The other thing I learned this year – opposed to what was taught in high school sex ed – there are actually only a few days per month a woman can get pregnant. The reality is that you can’t know what days those are exactly and cycles can get off, so you may be ovulating early or late, and since you can’t know then you could get pregnant at any time of your cycle. But – chances are you’re going to ovulate somewhere in the middle of the cycle, around day 14-18 if you’re ovulating regularly each month. This makes it easy to time intercourse with a reasonably high chance of getting pregnant if you do this for a few months in a row.
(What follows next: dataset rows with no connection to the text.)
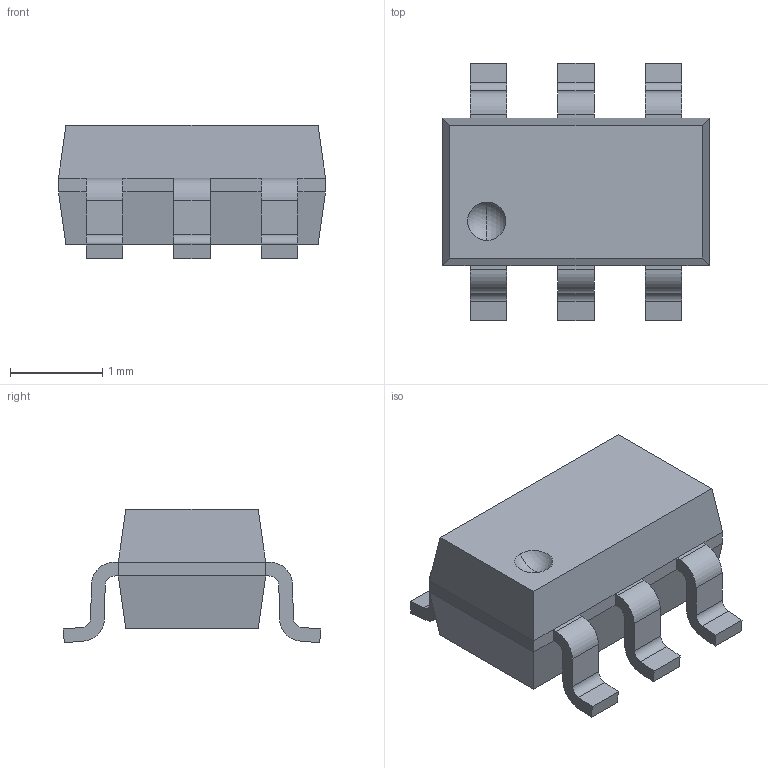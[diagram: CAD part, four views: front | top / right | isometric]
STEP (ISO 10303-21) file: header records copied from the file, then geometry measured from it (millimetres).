
FILE_DESCRIPTION (( 'STEP AP214' ), '1' );
FILE_NAME ('86A90D2C-B767-49A4-AB8D-FEB2AB8EDC67.STEP', '2024-05-03T08:57:30', ( '' ), ( '' ), 'SwSTEP 2.0', 'SolidWorks 2022', '' );
FILE_SCHEMA (( 'AUTOMOTIVE_DESIGN' ));
Length unit declared in the file: millimetre
Products named in the file (1): 86A90D2C-B767-49A4-AB8D-FEB2AB8EDC67
Bounding box: 2.9 x 2.8 x 1.45 mm (x, y, z)
Volume: 6 mm3; surface area: 26.9 mm2
Topology: 1 solids, 1 shells, 100 faces, 259 edges, 162 vertices
Faces by surface type: plane 74, cylinder 24, sphere 2
Entity records: 3274 total; most frequent: CARTESIAN_POINT 522, ORIENTED_EDGE 518, DIRECTION 512, EDGE_CURVE 259, LINE 208, VECTOR 208, VERTEX_POINT 162, AXIS2_PLACEMENT_3D 152
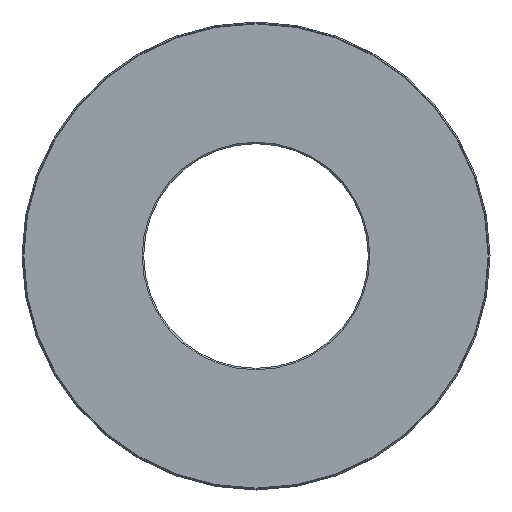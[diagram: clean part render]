
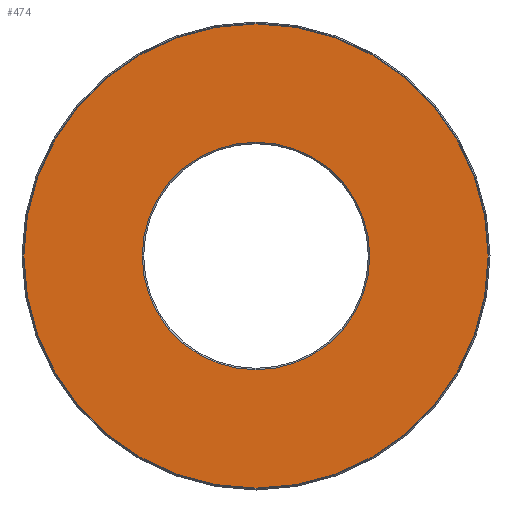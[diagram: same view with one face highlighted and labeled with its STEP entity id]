
A CAD part, front view. The second image highlights one B-rep face of the part: STEP entity #474.
In plain terms, the highlighted planar face has unit normal (0, -1, 0).
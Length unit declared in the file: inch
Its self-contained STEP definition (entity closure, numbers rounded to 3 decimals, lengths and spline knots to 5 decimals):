
#31 = CIRCLE ( 'NONE', #390, 1.52 ) ;
#33 = DIRECTION ( 'NONE',  ( 0., 1., 0. ) ) ;
#38 = DIRECTION ( 'NONE',  ( 0., 0., 1. ) ) ;
#84 = DIRECTION ( 'NONE',  ( 0., 1., 0. ) ) ;
#117 = CIRCLE ( 'NONE', #459, 3.1 ) ;
#149 = VERTEX_POINT ( 'NONE', #316 ) ;
#151 = EDGE_LOOP ( 'NONE', ( #349 ) ) ;
#163 = DIRECTION ( 'NONE',  ( 0., 0., 1. ) ) ;
#228 = FACE_OUTER_BOUND ( 'NONE', #151, .T. ) ;
#235 = ORIENTED_EDGE ( 'NONE', *, *, #363, .T. ) ;
#260 = FACE_BOUND ( 'NONE', #329, .T. ) ;
#264 = PLANE ( 'NONE',  #573 ) ;
#302 = CARTESIAN_POINT ( 'NONE',  ( 0., 0., 0. ) ) ;
#307 = CARTESIAN_POINT ( 'NONE',  ( 0., 0., 0. ) ) ;
#316 = CARTESIAN_POINT ( 'NONE',  ( 0., 0., 1.52 ) ) ;
#329 = EDGE_LOOP ( 'NONE', ( #235 ) ) ;
#349 = ORIENTED_EDGE ( 'NONE', *, *, #432, .F. ) ;
#350 = DIRECTION ( 'NONE',  ( 0., 0., 1. ) ) ;
#363 = EDGE_CURVE ( 'NONE', #149, #149, #31, .T. ) ;
#390 = AXIS2_PLACEMENT_3D ( 'NONE', #302, #33, #350 ) ;
#432 = EDGE_CURVE ( 'NONE', #605, #605, #117, .T. ) ;
#459 = AXIS2_PLACEMENT_3D ( 'NONE', #307, #601, #38 ) ;
#462 = CARTESIAN_POINT ( 'NONE',  ( 0., 0., 3.1 ) ) ;
#474 = ADVANCED_FACE ( 'NONE', ( #228, #260 ), #264, .F. ) ;
#502 = CARTESIAN_POINT ( 'NONE',  ( 0., 0., 0. ) ) ;
#573 = AXIS2_PLACEMENT_3D ( 'NONE', #502, #84, #163 ) ;
#601 = DIRECTION ( 'NONE',  ( 0., 1., 0. ) ) ;
#605 = VERTEX_POINT ( 'NONE', #462 ) ;

However, with PCOS and irregular periods, you have no idea when you’re ovulating – so unless you have sex every day for a year and you happen to ovulate occasionally, your odds of getting pregnant are very low.

I’m not going to get pregnant “naturally,” so the doctor decided to start me on Femera (Letrozole), which is a drug that was originally intended to treat breast cancer, but is now used to help women ovulate. The better-known infertility drug is Clomid, which is another option should this not work, but he prefers to start with Femera because there are less side effects and less chance of multiples (I wouldn’t mind twins, esp given my age and goal to have at least two kids, but any more than that and I don’t know what we’d do.)
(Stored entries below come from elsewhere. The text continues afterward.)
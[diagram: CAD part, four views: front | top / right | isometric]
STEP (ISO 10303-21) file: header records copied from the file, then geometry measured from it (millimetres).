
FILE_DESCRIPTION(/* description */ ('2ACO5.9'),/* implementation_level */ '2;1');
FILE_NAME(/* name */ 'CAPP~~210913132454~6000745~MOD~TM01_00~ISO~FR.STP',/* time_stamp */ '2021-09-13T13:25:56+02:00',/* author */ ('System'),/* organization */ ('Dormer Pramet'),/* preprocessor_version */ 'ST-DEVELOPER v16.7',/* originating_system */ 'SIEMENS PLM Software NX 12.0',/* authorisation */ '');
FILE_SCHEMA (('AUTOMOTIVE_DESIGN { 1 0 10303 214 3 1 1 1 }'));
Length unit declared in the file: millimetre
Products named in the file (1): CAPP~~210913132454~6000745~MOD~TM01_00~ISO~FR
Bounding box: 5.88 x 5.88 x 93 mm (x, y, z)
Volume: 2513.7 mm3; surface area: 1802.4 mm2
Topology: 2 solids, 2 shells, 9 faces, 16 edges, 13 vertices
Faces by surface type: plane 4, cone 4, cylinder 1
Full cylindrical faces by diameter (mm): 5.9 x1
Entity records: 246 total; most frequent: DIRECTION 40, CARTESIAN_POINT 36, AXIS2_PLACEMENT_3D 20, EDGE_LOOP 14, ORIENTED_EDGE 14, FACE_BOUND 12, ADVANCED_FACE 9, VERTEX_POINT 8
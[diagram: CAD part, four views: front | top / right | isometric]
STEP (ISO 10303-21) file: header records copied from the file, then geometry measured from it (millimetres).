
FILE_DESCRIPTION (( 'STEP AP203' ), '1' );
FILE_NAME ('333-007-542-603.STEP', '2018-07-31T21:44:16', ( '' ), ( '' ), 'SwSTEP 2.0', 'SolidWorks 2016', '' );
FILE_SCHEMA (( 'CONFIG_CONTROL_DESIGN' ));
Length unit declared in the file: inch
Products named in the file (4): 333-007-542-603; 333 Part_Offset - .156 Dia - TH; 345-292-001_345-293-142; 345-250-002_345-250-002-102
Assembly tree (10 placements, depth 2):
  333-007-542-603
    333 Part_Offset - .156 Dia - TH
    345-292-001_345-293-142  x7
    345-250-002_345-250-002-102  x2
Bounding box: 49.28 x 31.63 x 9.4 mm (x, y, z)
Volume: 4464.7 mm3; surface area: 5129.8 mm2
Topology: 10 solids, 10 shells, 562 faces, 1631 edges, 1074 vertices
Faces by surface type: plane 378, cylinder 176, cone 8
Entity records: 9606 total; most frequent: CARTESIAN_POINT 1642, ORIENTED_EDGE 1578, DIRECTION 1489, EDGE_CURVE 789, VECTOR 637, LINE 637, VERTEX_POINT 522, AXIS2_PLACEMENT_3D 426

Although I’ve read online that most women are told to take Femera on CD (cycle day) 5-9 or 3-7, my doctor told me to take it on CD 1-5. I go in for an ultrasound on CD 9, and he will see if any of my follicles have matured. He mentioned that one of my problems (if not the only problem in this case) is that the “signal” from my brain to my ovaries is not sending straight, so the medicine can make that signal a lot stronger and make me ovulate. If the ultrasound shows that I am indeed en route to ovulation, then this is a very good sign. Even if it does work, there’s only a 20% (1-in-5) chance that we’ll get pregnant in any give cycle and the added challenge that women with PCOS are more likely to miscarry. Overall, I’m trying not to get my hopes up — not until I deliver a healthy child.

I don’t exactly feel ready to be a mother, but if not now than it will never happen. I’ll be 34 in November, and I’d like to have my first child before 35 if possible, with my second before I turn 37 or 38 at the latest – which already makes me an older parent. Side note, it’s incredibly strange now being a (potential) older mom, when I don’t feel so old at all. There really needs to be an extra decade of life between one’s 20s and 30s. I’m avoiding thinking about the fact that in 6.5 years I’ll be 40. Life goes too fast, hence the name of this blog… I’ve always loved the saying “life is what happens when making other plans.” Thus, this blog today is about planning for having a kid, but it may end up being about not being able to have a child – or, it may be about having children and striving to be the best mother I can be. For now, I’ll document my infertility journey and share any learnings along the way. Hopefully, in the next 24 months, there will a picture of my  beautiful son or daughter that I can share, along with a huge smile on my face. I genuinely look forward to meeting my future child. I hope I will be able to, one day.